# AML Challenge: Code Submission

**Group: Golden retrieval**
* Valeria Avino (ID: `1905974`)
* Xavier Del Giudice (ID: `1967219`)
* Gabriel Pinos (ID: `1965035`)
* Leonardo Rocci (ID: `1922496`)

---

## 1. Notebook Description

This notebook presents the code and configuration that generated one of our best-performing submissions.

This notebook will:
1.  Import all necessary libraries and custom modules from our `/src` project structure.
2.  Define the main `run_experiment` function that encapsulates the entire pipeline.
3.  Define the final, optimized `CONFIG` dictionary containing the best hyperparameters.
4.  Execute the experiment to train the model and generate the final `submission.csv`.
5.  Load our Optuna study database to demonstrate the hyperparameter tuning process.

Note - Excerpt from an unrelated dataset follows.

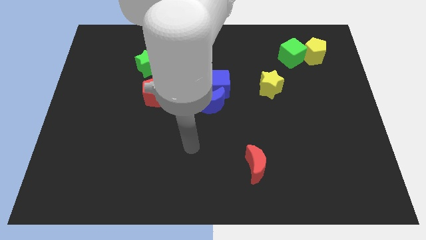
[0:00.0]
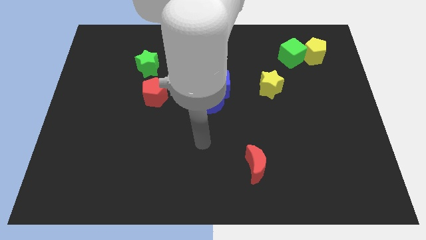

## 2. The Experiment Pipeline

We define a single function, `run_experiment`, which encapsulates the entire end-to-end process. This function is highly configurable via the `CONFIG` dictionary, allowing us to control every aspect of the pipeline.

The main components and their configurable features are:

### `EmbeddingDataModule`
Our custom data module handles all data loading, preprocessing, and sampling.
* **Data Augmentation:** It supports loading an additional training dataset (`coco_npz_path`) to be merged and shuffled with the original Flickr30 data.
    * *Note: The datasets we load have been **pre-cleaned by us** to remove any training captions (and their associated images) that matched captions in the test set, preventing data leakage.*
* **Flexible Sampling:** We can control the `batch_size` for training and the `val_mrr_batch_size` for validation (which defaults to 100 as per Kaggle's evaluation).
* **Advanced Training Samplers:** The module allows for:
    * `group_captions`: Ensures all captions for a single image are grouped into the same batch.
    * `sample_hard_images`: Uses a pre-computed Faiss index to sample the hardest images for the batch, improving training efficiency.
* **Rich Validation:** We can control the validation strategy with `val_mrr_folds` (how many batches to use) and `val_num_caption_views` (1-5), logging the overall MRR and the MRR for each view separately.
* **Feature Engineering:** Includes an option to use `num_anchors` to compute and include relative embeddings as input features.
* **Optional Standardization:** Implements **optional** automatic standardization of training data and de-standardization for validation and test predictions.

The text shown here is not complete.